Records for processing:
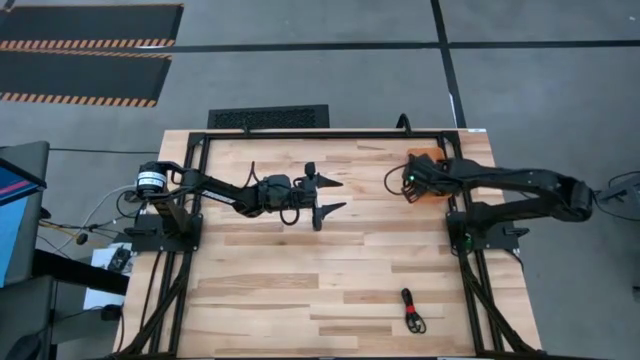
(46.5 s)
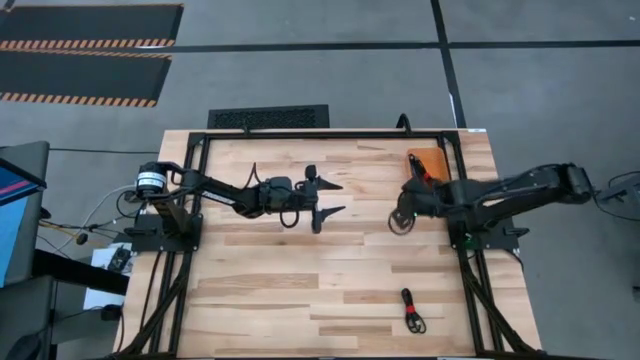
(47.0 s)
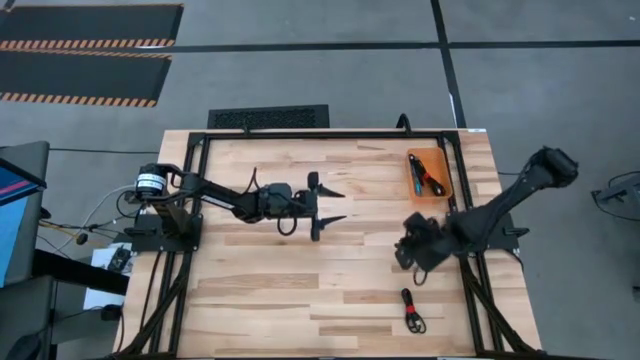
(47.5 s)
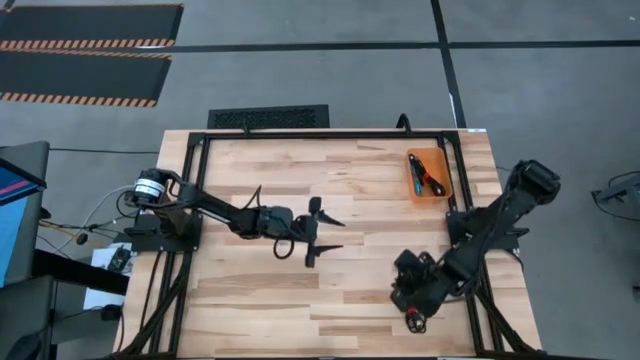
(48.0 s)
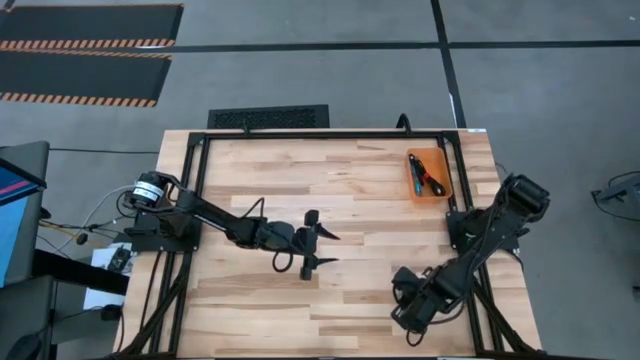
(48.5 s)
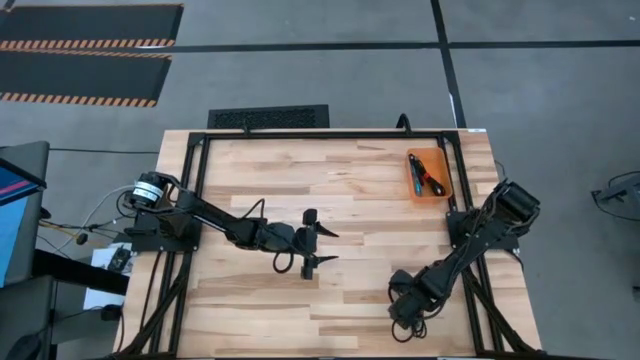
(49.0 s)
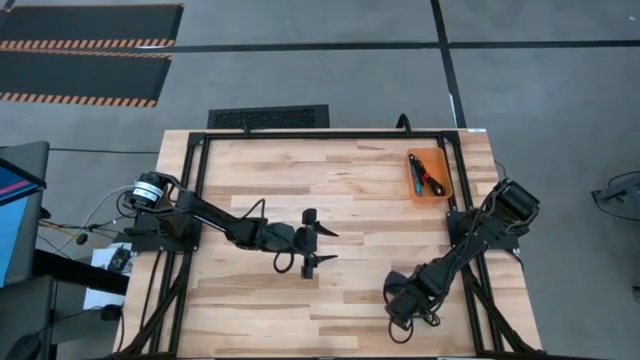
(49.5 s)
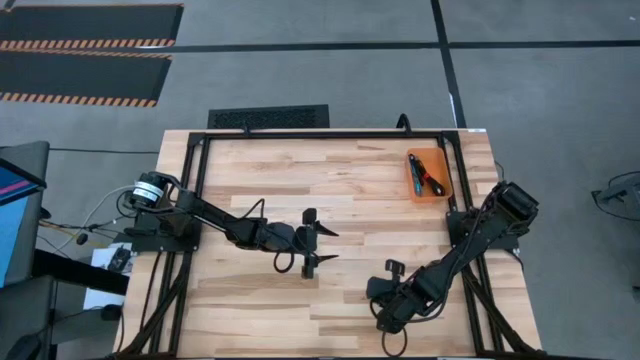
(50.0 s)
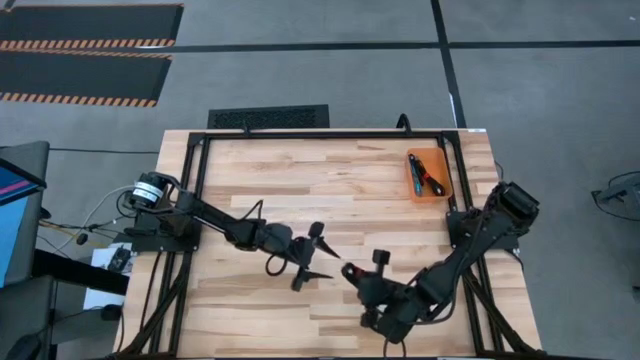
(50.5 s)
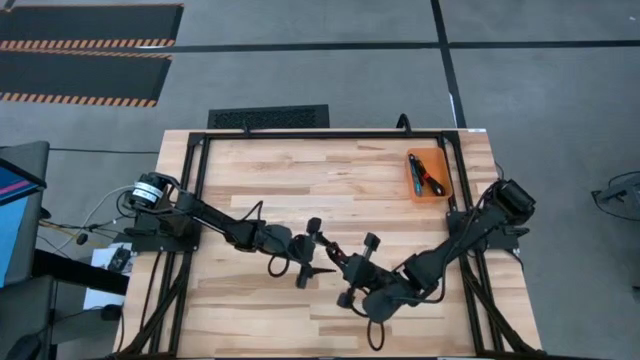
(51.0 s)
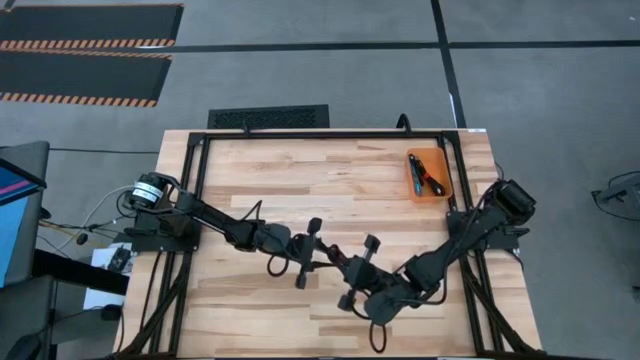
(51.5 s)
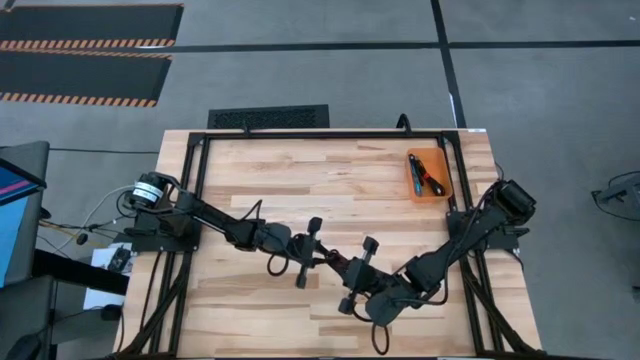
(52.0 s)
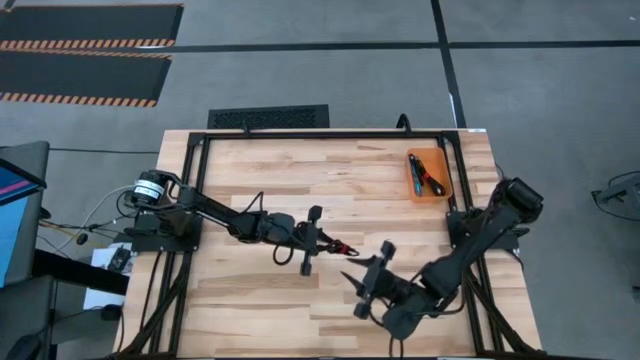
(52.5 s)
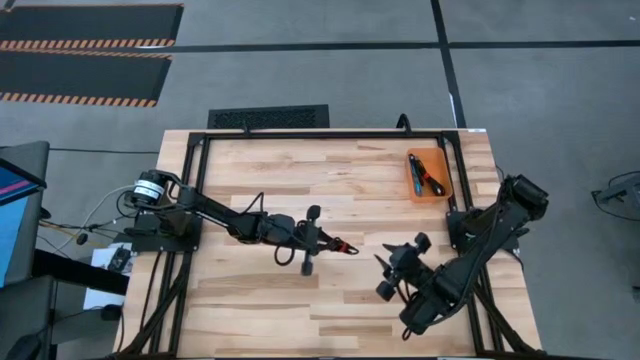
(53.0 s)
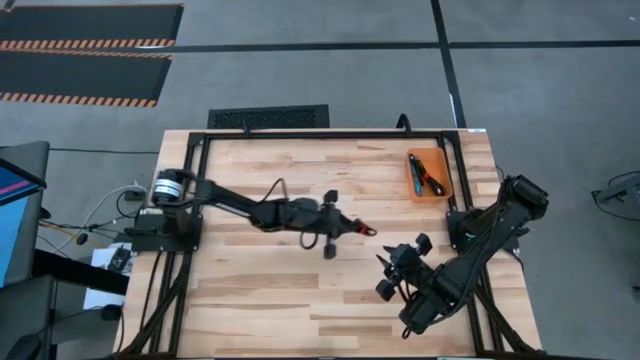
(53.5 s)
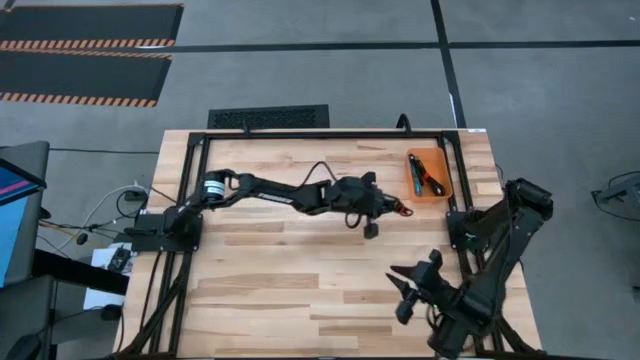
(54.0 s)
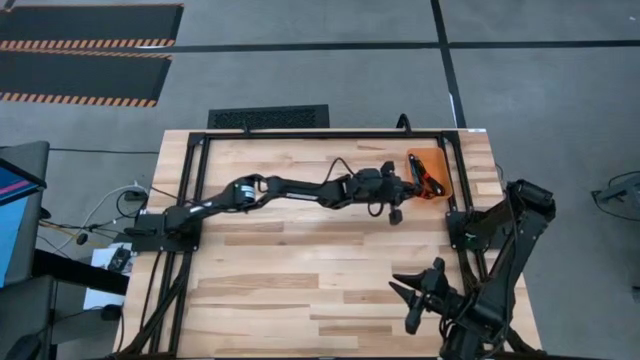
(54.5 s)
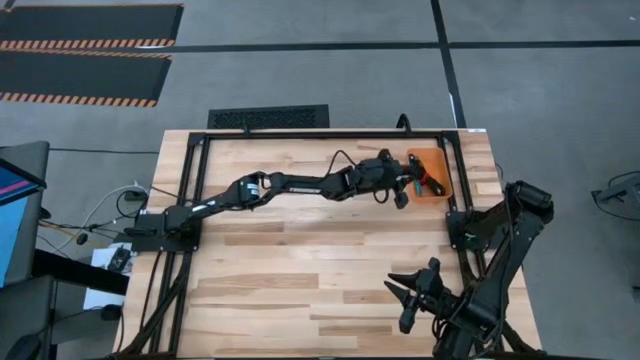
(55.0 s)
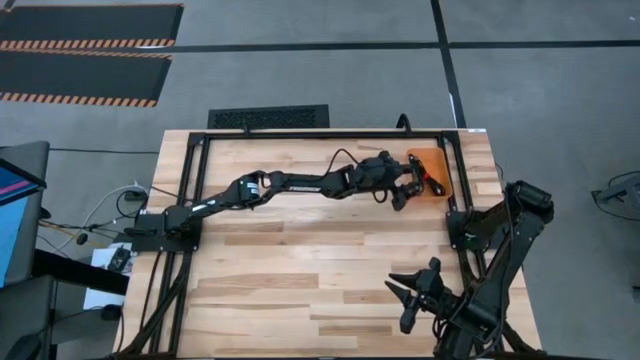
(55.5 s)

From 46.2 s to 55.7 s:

Work required: Output the records exactly as they appear, skipping any pictures.

Completed exercise:
(46.5 s)
(47.0 s)
(47.5 s)
(48.0 s)
(48.5 s)
(49.0 s)
(49.5 s)
(50.0 s)
(50.5 s)
(51.0 s)
(51.5 s)
(52.0 s)
(52.5 s)
(53.0 s)
(53.5 s)
(54.0 s)
(54.5 s)
(55.0 s)
(55.5 s)

From 46.2 s to 55.7 s:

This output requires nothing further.